During the last thirty years researchers have attempted to systematically review the effectiveness of numerous suicide prevention programs (Crawford, Thomas, Khan, and Kulinskaia, 2007; Fawcett, 2014; Gunnel & Frankel, 1994; Ward-Ciesielski and Linehan, 2014). In the judgment of these researchers, the suicide prevention studies evidenced serious methodological limitations, nevertheless, some meaningful progress has been made in identifying some evidence-based practices.

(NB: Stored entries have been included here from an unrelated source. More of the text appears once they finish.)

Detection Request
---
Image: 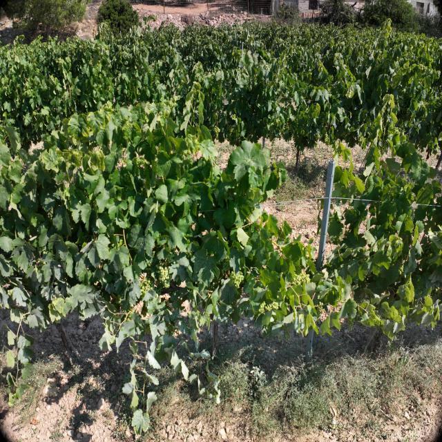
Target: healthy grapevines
[0,111,313,438]
[314,126,442,374]
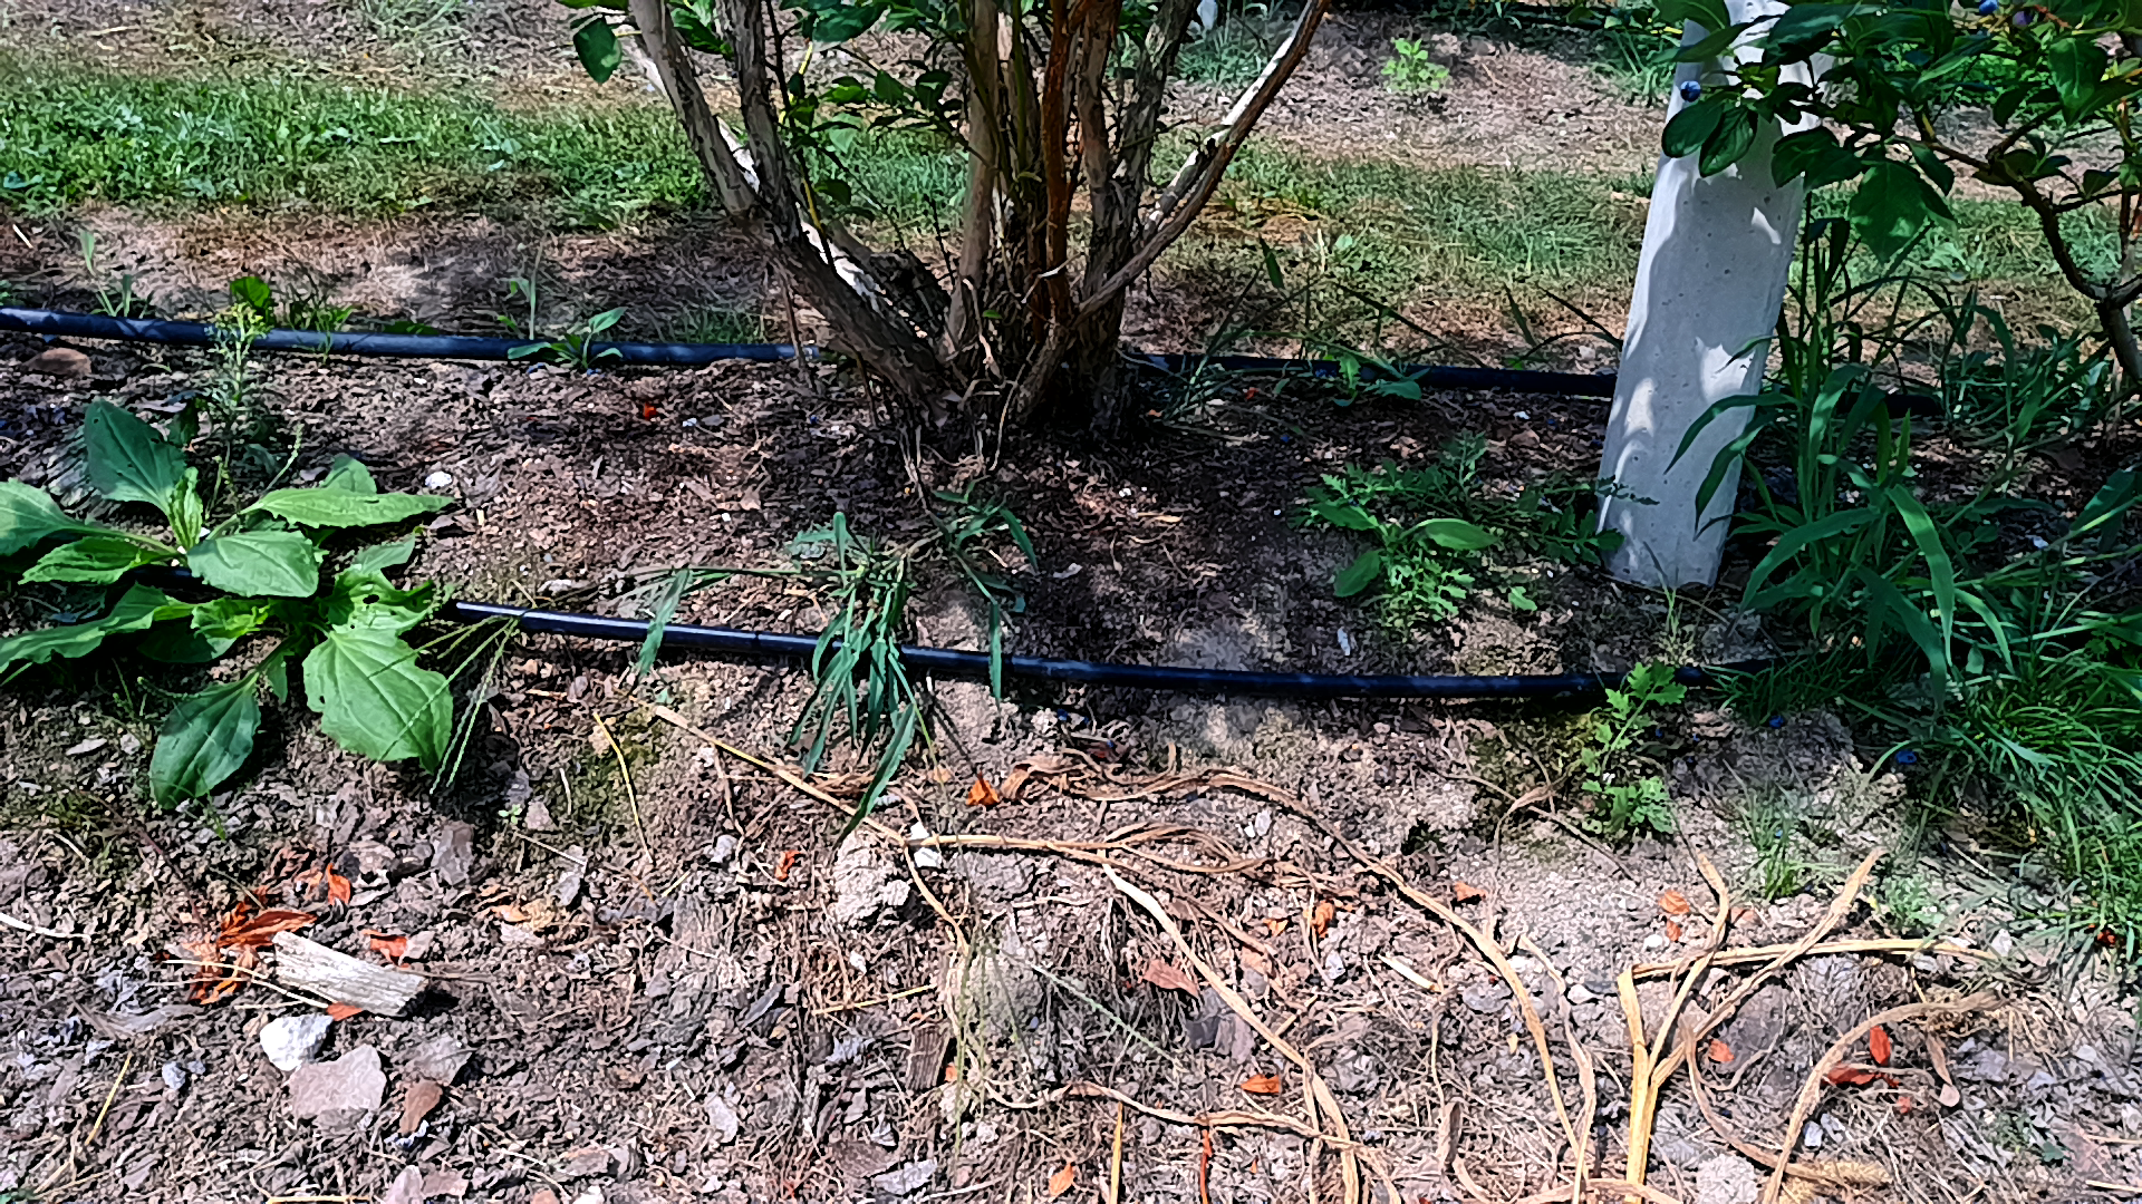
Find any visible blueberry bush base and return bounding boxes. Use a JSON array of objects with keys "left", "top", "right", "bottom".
[{"left": 704, "top": 77, "right": 1284, "bottom": 544}]
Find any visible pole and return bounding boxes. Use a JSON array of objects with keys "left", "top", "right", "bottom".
[{"left": 1574, "top": 51, "right": 1823, "bottom": 619}]

First, researchers have considered whether the standard of care model should either a) treat suicidal behaviour as a symptom of a mental disorder (the traditional approach), or b) treat suicidal behaviour as the core disordered behaviour in and of itself, recognizing that suicide may result from any number of environmental and individual factors that may, or may not include mental disorder. Ward-Ciesielski and Linehan (2014) have stated that the standard of care model should favour the latter hypothesis.

Second, there is recent evidence that pharmacological therapies may be effective to some extent. Meta-analytic studies using antidepressants over 8 to 12 weeks were effective in reducing suicide ideation but, unfortunately, did not reduce actual suicide rates (Sher et al., 2012; Khan et al., 2003). When compliance with medication (antidepressants, lithium, and antipsychotic) is enhanced, however, there is evidence that suicide rates will decrease (Cipriani, 2013; Leon et al., 2011). Third, there is evidence that psychological-based interventions – cognitive therapy and DBT in particular – may reduce suicide behaviour but the evidence is less clear for reductions in actual suicide rates (Fawcett, 2014).

Contracting safety. Busch et al. (2003) reported that 28% of the suicide victims had contracted for their safety, thus, as others have noted (see Rudd, 2014), there is mixed evidence that contracting safety in and of itself is an effective intervention strategy. As Jamison opined, if “suicidal patients were able or willing to articulate the severity of their suicidal thoughts and plans, little risk would exist” (Jamison 1999, p. 150).

Best practice interview guidelines. Typically patients will not disclose major life events without careful probing, thus making the interviewing process critical. Fawcett (2014) recommends the use of strong clinical interviews that are not rushed, that include the use of several open-ended probes dispersed throughout the interview. Additionally, he proposes posing general question such as “Everybody worries, “what are you worrying about?”, “how is your love life?”, “any health worries?”. In essence, Fawcett argues that the goal is to illicit responses in a non-threatening manner. Thus, Fawcett questions the implicit assumption that suicidal clients cannot be helped if they do not expressly tell you they are having problems.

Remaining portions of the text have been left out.